THE DATA >>
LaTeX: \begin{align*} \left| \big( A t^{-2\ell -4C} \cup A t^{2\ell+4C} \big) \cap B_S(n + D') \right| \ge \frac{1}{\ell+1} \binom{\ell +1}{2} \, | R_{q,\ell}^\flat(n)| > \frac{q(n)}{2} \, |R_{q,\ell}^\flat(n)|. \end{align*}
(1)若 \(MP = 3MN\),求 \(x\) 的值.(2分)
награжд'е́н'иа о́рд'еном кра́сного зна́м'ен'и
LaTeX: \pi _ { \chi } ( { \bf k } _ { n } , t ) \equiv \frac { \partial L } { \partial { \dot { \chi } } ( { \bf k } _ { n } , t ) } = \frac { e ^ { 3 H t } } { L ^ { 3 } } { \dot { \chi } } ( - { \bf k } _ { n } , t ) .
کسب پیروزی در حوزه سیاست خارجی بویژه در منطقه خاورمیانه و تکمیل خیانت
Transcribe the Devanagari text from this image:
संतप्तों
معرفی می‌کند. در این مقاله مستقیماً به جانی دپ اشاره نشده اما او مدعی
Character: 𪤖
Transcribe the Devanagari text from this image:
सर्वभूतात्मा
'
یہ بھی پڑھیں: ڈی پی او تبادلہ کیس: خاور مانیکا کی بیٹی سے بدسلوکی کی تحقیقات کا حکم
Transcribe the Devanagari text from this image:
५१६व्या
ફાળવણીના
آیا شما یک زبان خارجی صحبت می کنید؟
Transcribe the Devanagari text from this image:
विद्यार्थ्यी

HOW TO COMPLETE THIS TASK >> I'd like the lines above from the one with "LaTeX: \pi _" up to and including the one with "Character: 𪤖" copied exactly, with no other lines.

EXERCISE OUTPUT >>
LaTeX: \pi _ { \chi } ( { \bf k } _ { n } , t ) \equiv \frac { \partial L } { \partial { \dot { \chi } } ( { \bf k } _ { n } , t ) } = \frac { e ^ { 3 H t } } { L ^ { 3 } } { \dot { \chi } } ( - { \bf k } _ { n } , t ) .
کسب پیروزی در حوزه سیاست خارجی بویژه در منطقه خاورمیانه و تکمیل خیانت
Transcribe the Devanagari text from this image:
संतप्तों
معرفی می‌کند. در این مقاله مستقیماً به جانی دپ اشاره نشده اما او مدعی
Character: 𪤖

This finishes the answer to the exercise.